What to do: Take the line with "A person holds" and every line after it in the entries below, and set them down exactly, without any pictures.

Top of Provided data

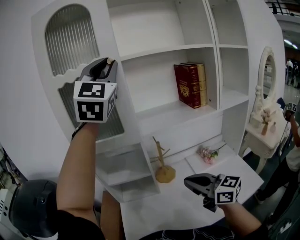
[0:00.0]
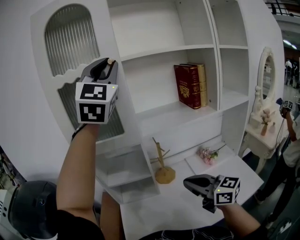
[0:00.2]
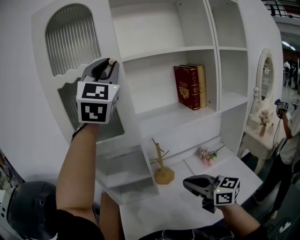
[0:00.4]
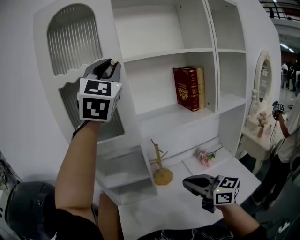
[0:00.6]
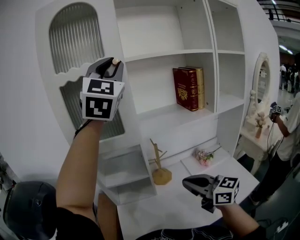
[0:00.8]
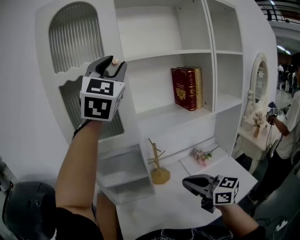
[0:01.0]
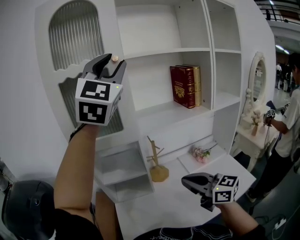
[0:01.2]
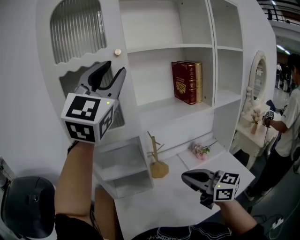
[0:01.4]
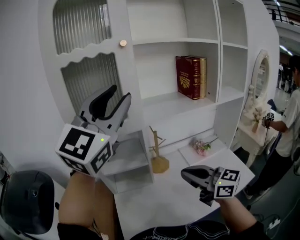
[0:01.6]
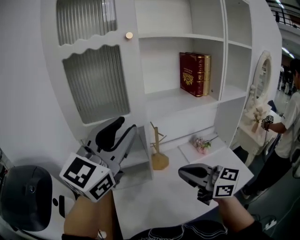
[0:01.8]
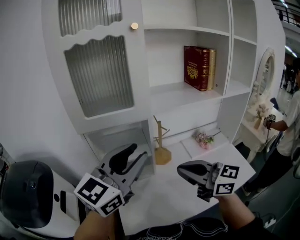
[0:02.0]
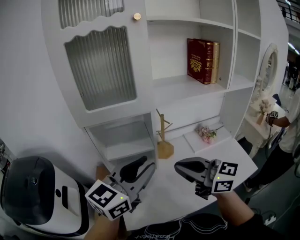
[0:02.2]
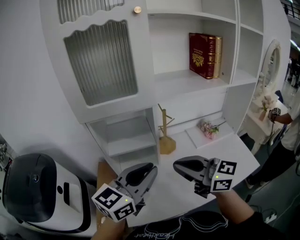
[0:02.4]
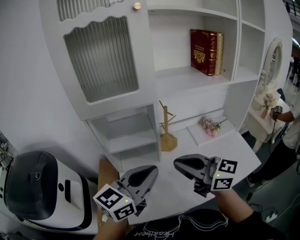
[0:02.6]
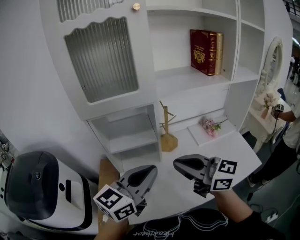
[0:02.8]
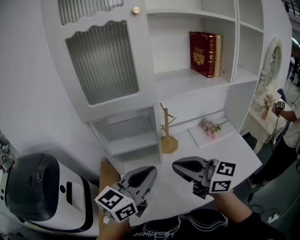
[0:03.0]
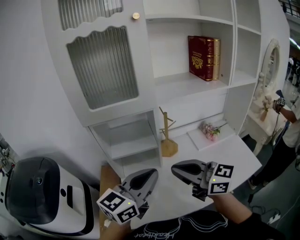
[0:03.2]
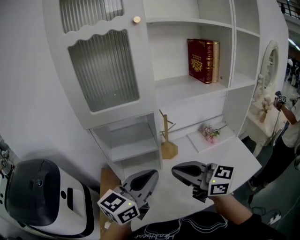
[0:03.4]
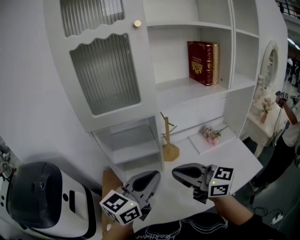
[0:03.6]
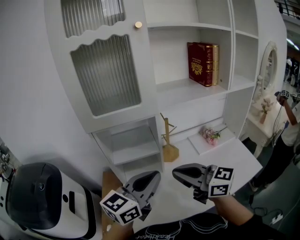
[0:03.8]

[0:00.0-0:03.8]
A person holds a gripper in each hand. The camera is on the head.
0:00.0 to 0:01.2: There are only small adjustments of the grippers.
0:01.2 to 0:02.6: The left gripper shifts roughly 40 cm downward, rotates around the line of its fingers by some 60 degrees, counterclockwise from behind, and closes up, while the right gripper travels to the left by some 10 cm.
0:02.6 to 0:03.8: The grippers move only a little.

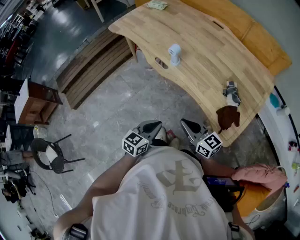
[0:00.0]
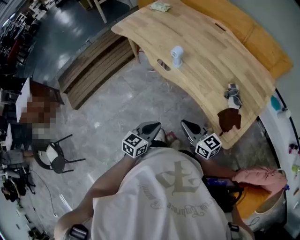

Bottom of Provided data

Output for this task:
A person holds a gripper in each hand. The camera is on the head.
0:00.0 to 0:01.2: There are only small adjustments of the grippers.
0:01.2 to 0:02.6: The left gripper shifts roughly 40 cm downward, rotates around the line of its fingers by some 60 degrees, counterclockwise from behind, and closes up, while the right gripper travels to the left by some 10 cm.
0:02.6 to 0:03.8: The grippers move only a little.

[0:00.0]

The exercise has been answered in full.